### Work order
Print all the data below exactly, without images.

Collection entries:
□ □ □ □ □ □ □
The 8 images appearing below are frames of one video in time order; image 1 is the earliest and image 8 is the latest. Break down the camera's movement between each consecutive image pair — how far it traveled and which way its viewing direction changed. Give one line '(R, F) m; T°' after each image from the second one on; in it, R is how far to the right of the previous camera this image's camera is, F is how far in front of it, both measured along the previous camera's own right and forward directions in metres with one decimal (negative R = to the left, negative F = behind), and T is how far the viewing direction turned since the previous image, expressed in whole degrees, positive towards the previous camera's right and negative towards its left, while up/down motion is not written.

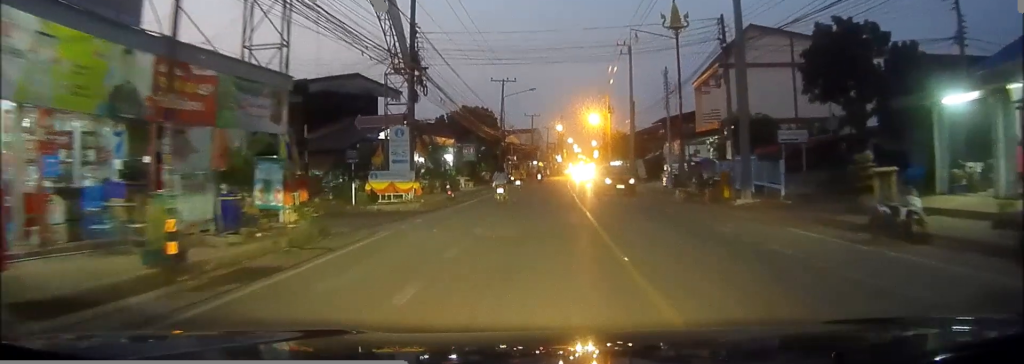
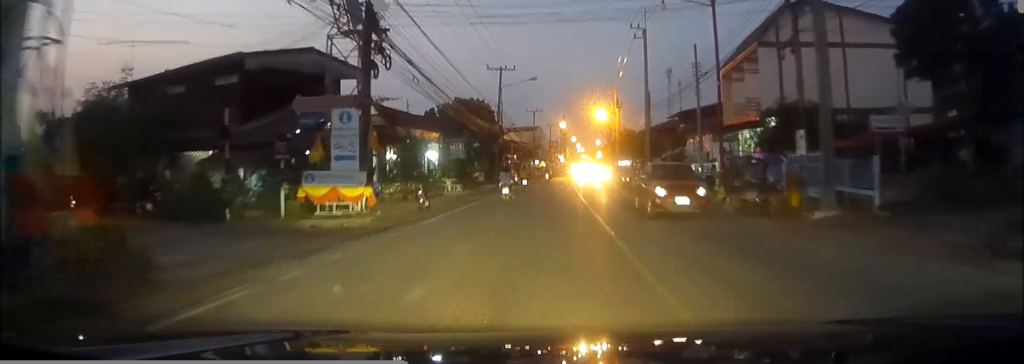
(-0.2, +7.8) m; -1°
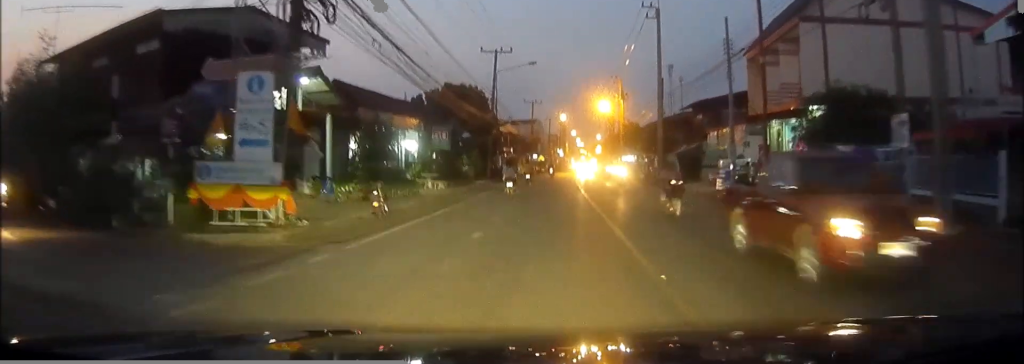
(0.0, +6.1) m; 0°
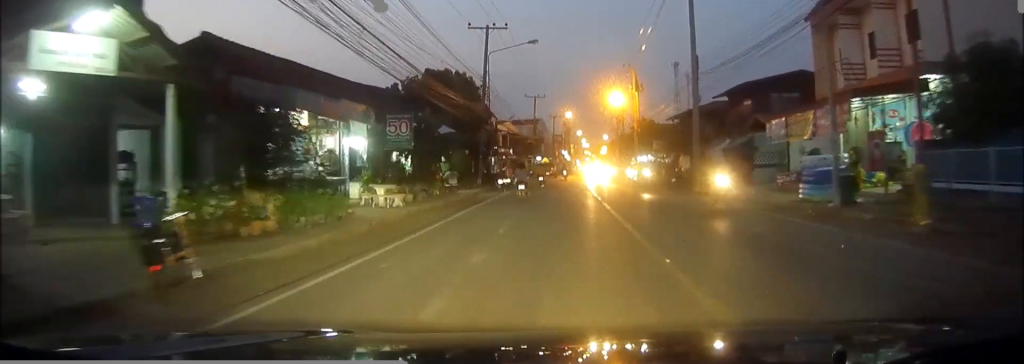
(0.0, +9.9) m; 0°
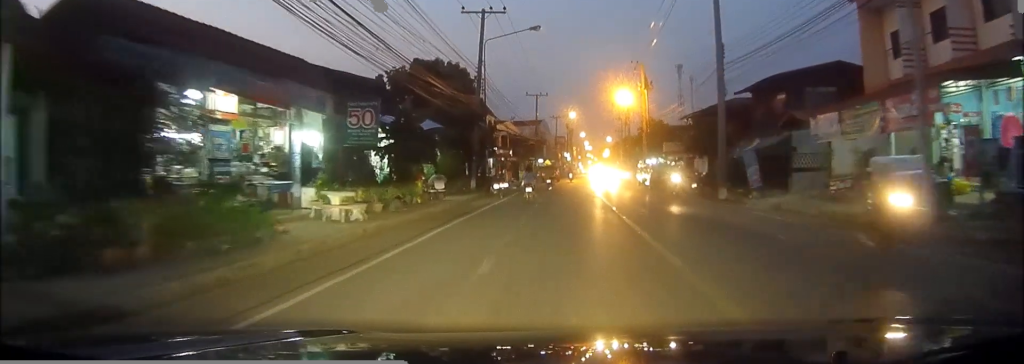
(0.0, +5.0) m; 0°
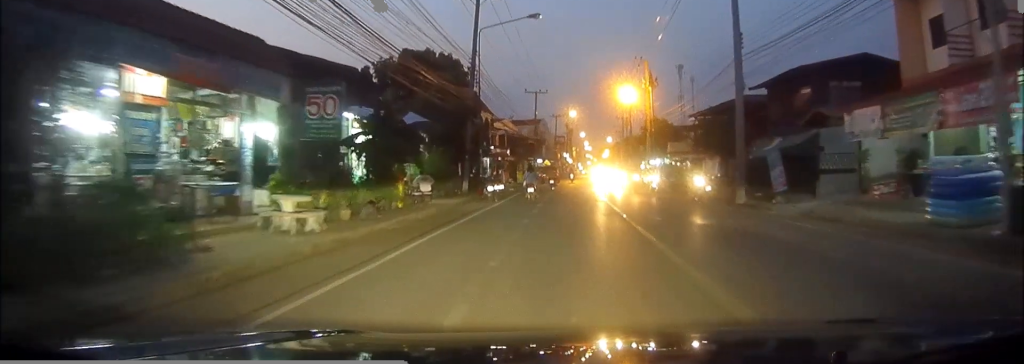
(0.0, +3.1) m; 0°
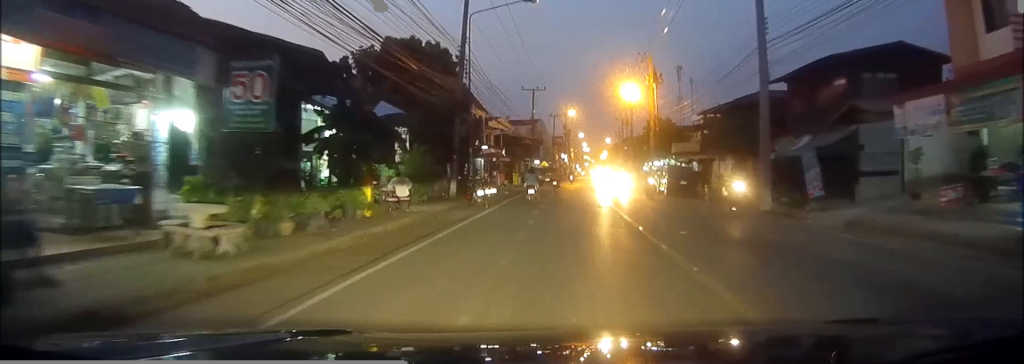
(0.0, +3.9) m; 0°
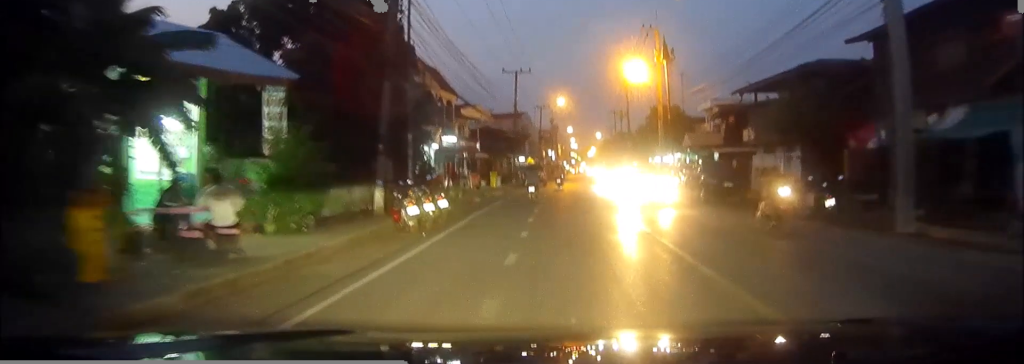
□ □ □ □ □ □ □
### Solution for this problem
The 8 images appearing below are frames of one video in time order; image 1 is the earliest and image 8 is the latest. Break down the camera's movement between each consecutive image pair — how far it traveled and which way its viewing direction changed. Give one line '(R, F) m; T°' after each image from the second one on; in it, R is how far to the right of the previous camera this image's camera is, F is how far in front of it, both measured along the previous camera's own right and forward directions in metres with one decimal (negative R = to the left, negative F = behind), and T is how far the viewing direction turned since the previous image, expressed in whole degrees, positive towards the previous camera's right and negative towards its left, while up/down motion is not written.

(-0.2, +7.8) m; -1°
(0.0, +6.1) m; 0°
(0.0, +9.9) m; 0°
(0.0, +5.0) m; 0°
(0.0, +3.1) m; 0°
(0.0, +3.9) m; 0°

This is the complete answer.